Subscription Required. Please recommend JoVE to your librarian.
Discussion
Для обеспечения высокого выхода интактных протопластов это очень важно для запуска со здоровыми растениями. Использовать фильтр-стерилизовать решения для выделения протопластов. Помните, что протопласты хрупкой. Поэтому, когда вы обращаетесь протопластов, не смешиваются, пипетки или вихревые их энергично, поскольку она будет тормозить их. Вместо этого, смешать протопластов на медленно вращающихся или скрепляются клейкой лентой центрифуге трубки. Описанная процедура выхода нетронутыми протопластов, которые являются жизнеспособными в течение не менее 96 ч. Таким образом, протопласты могут быть использованы для изучения различных клеточных процессов, таких как внутриклеточную локализацию белков, изоляция и анализа интактных органелл и целевого гена-инактивации двухцепочечной РНК-интерференция (RNAi) и т. д. 3-5.
Subscription Required. Please recommend JoVE to your librarian.
Disclosures
Предварительный патент описывающий эту процедуру для его использования в функциональный анализ генов растений были поданы с Корнелл Центр корпоративных технологий и коммерциализации (CCTEC), июнь 2008 года. Ярлык Нет 50341/015001: Vatamaniuk, OK, и Чжай, З. Метод быстрого функционального анализа растительных генов.
Acknowledgments
Эта работа была поддержана Корнельского университета Сельскохозяйственной Экспериментальной Станции (CUAES) Нью-Йоркской-125433 Hatch Грант и Корнельский Start-Up Грант присуждается OKV
Materials
| Name | Company | Catalog Number | Comments |
| MurashigeandSkoogBasalSaltMixture(MS) | Sigma-Aldrich | M5524 | |
| Agar | Sigma-Aldrich | A1296 | |
| PetriDishes(100x15mm) | Krackeler Scientific, Inc. | 82-4001 | |
| Cellulase(OnozukaR‐10) | Research Products International Corp. | C32200 | |
| Macerozyme(R10) | Research Products International Corp. | M22010 | |
| Cheeseclothwipes | Fisher Scientific | 06-665-29 | |
| LabRotator | Fisher Scientific | 1167152Q | |
| AllegraX‐15RCentrifuge | VWR international | 392932 | |
| Axioskop2PlusMicroscope | Carl Zeiss, Inc. |
References
- Cocking, E. C. A Method for the Isolation of Plant Protoplasts and Vacuoles. Nature. 187, 962-963 (1960).
- Chen, S., Halkier, B. A. Characterization of glucosinolate uptake by leaf protoplasts of Brassica napus.
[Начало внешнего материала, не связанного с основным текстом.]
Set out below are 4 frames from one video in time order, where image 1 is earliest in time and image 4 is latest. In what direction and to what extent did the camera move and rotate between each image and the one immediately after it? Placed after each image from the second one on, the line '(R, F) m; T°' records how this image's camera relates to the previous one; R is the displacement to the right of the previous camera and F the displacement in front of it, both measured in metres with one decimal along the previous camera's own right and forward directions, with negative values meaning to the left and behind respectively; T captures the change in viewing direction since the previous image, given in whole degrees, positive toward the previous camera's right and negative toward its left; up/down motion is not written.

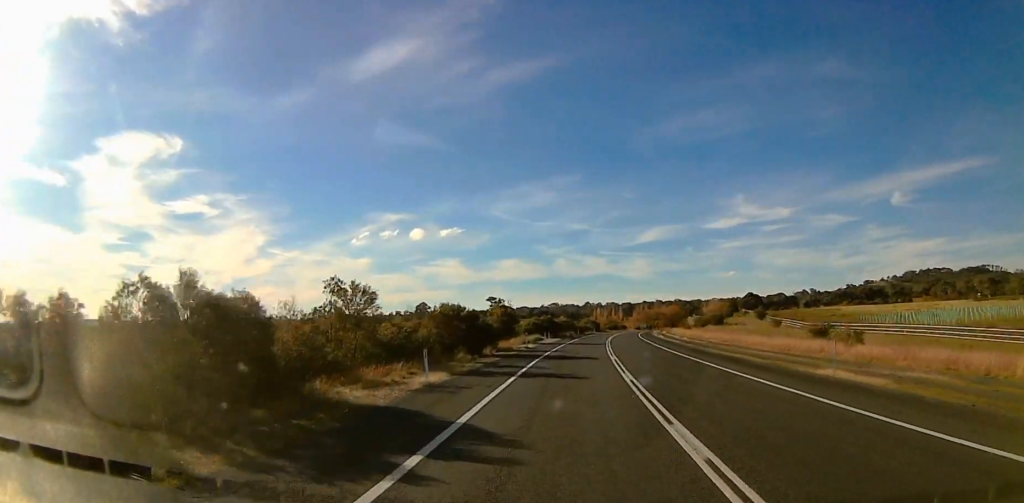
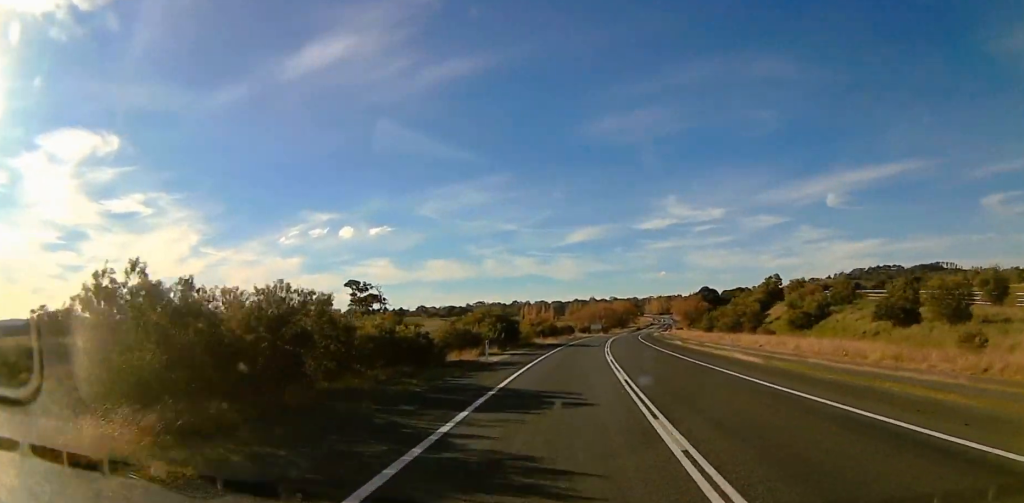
(+9.8, +107.9) m; +6°
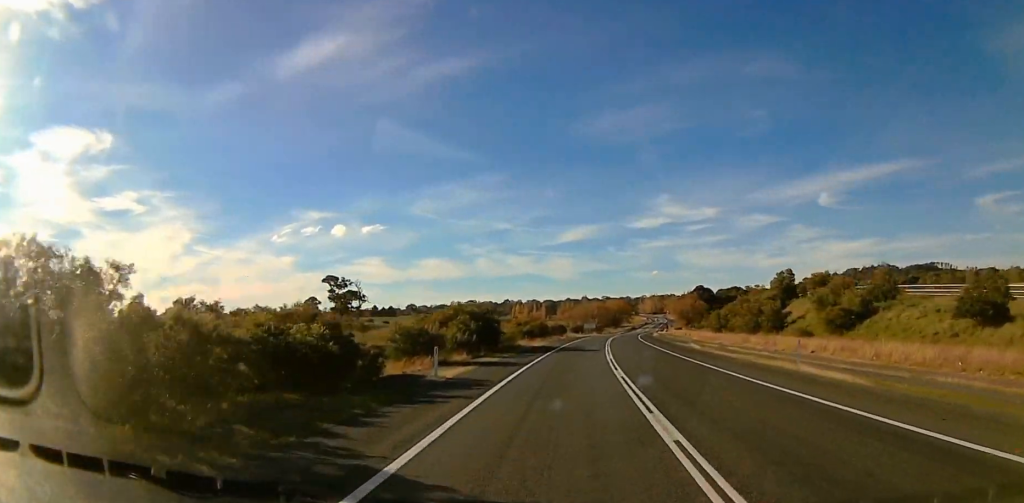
(0.0, +10.5) m; 0°
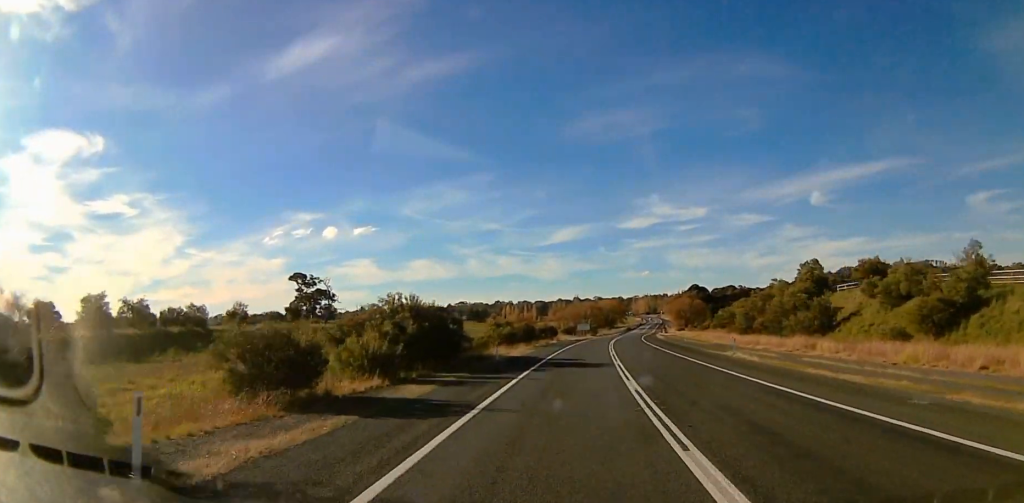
(0.0, +14.7) m; 0°

J Biol Chem. 275, 22955-22960 (2000).
- Robert, S., Zouhar, J., Carter, C., Raikhel, N. Isolation of intact vacuoles from Arabidopsis rosette leaf-derived protoplasts. Nat. Protocols. 2, 259-262 (2007).
- Yoo, S. D., Cho, Y. H., Sheen, J. Arabidopsis mesophyll protoplasts: a versatile cell system for transient gene expression analysis. Nat Protoc. 2, 1565-1572 (2007).
- Zhai, Z., Sooksa-nguan, T., Vatamaniuk, O. K. Establishing RNAi as a reverse genetic approach for gene functional analysis in protoplasts. Plant Phys. 149, 642-652 (2009).